Quite a simple question but I'm having issues -
I have the speed of an object (say 5m/s) and the time it takes the object to come to a complete stop (say 2s). I want the object to stop exactly on a given position (T). At what distance from T will I need to start decelerating?
The object has no friction.
On
Assuming a constant deceleration $ a $, and given the time it takes to fully stop; $ \Delta t =2 s$ and initial velocity $ v_{o} = 2m/s $ we can integrate the acceleration with respect to time once to find that the velocity at time $t$ is $v=at + v_{o}$ or in our specific case $v(t)=at+2$.
Since we know that after $\Delta t = 2s$ we come to a complete stop then we can use the above equation to find that: $ 0=a\cdot2s + 2 $ or equivalently $ 0 = a\cdot \Delta t + v_{0} $ (since the final velocity is zero) which gives the expression for the acceleration (or in this case deceleration): $ a = -\frac{v_{o}}{\Delta t} $ and for the specific case $ a=-1m/s^{2} $.
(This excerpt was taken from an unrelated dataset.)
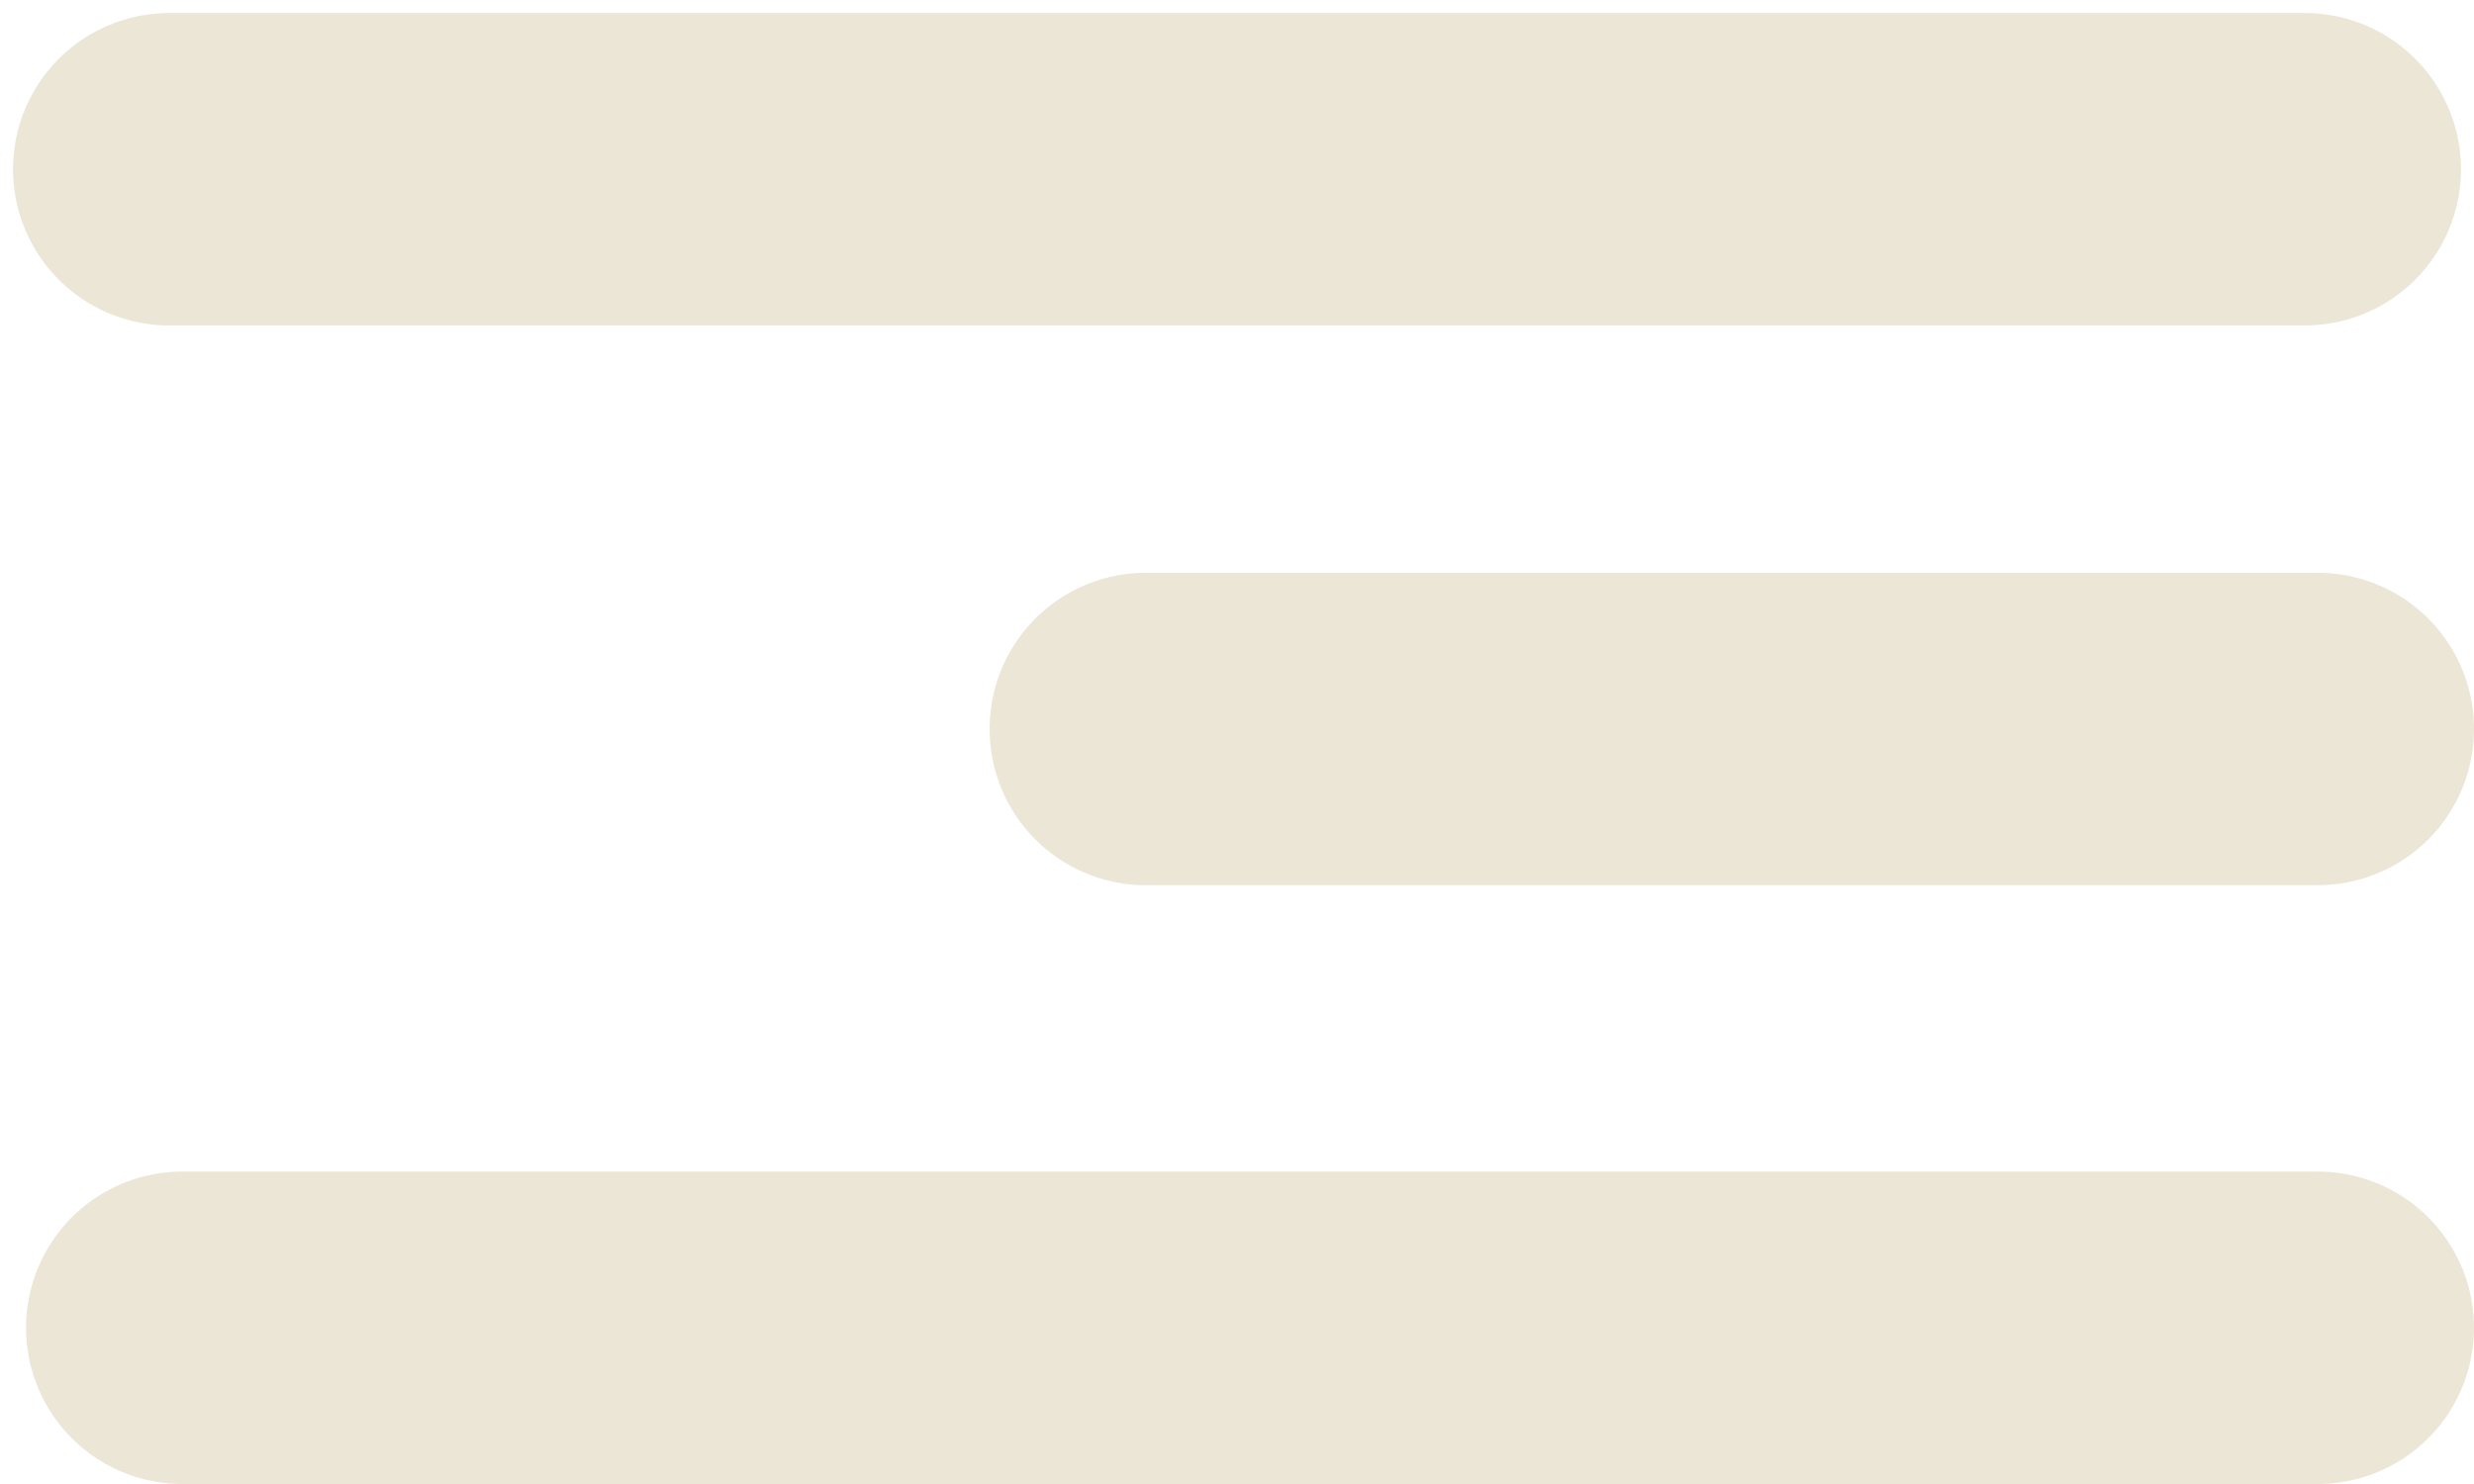 <svg width="95" height="57" viewBox="0 0 95 57" fill="none" xmlns="http://www.w3.org/2000/svg">
<path d="M88.5 6.5L48 6.5L6.5 6.5" stroke="#ECE6D7" stroke-width="12" stroke-linecap="round"/>
<path d="M89 28L66.774 28L44 28" stroke="#ECE6D7" stroke-width="12" stroke-linecap="round"/>
<path d="M89 51L48.5 51L7 51" stroke="#ECE6D7" stroke-width="12" stroke-linecap="round"/>
</svg>

Now we integrate the velocity with respect to time to find the distance at a given time: $ s(t)=\frac{1}{2}at^{2} + v_{o}t + s_{o} $.
We set the initial position ($ s_{o} $) equal to zero such that: $ s(t)=\frac{1}{2}at^{2} + v_{o}t $, or in this specific case; $ s(t)=-(1)\frac{1}{2}t^{2} + 2t $.
Now all that is needed is to insert the time it takes to stop ($\Delta t$) into the above equation and we have the distance the object (the car) takes to fully stop: $ T=s(\Delta t)=\frac{1}{2}(-\frac{v_{o}}{\Delta t})\Delta t^{2} + v_{o}\Delta t $.
Inserting the values for the special case we get that: $ T=\frac{1}{2}(-1m/s^2)(2s)^{2} + (2m/s)(2s)=1m $
We can simplify the general expression above a bit and get that: $ T= \frac{1}{2}v_{o}\Delta t $.
I hope this helps.
The distance is the time multiplied by the average speed,
$$2\frac{5+0}2=5\text{m}.$$
(We assume uniform acceleration, so that the average speed is the mean of the initial and final speed.)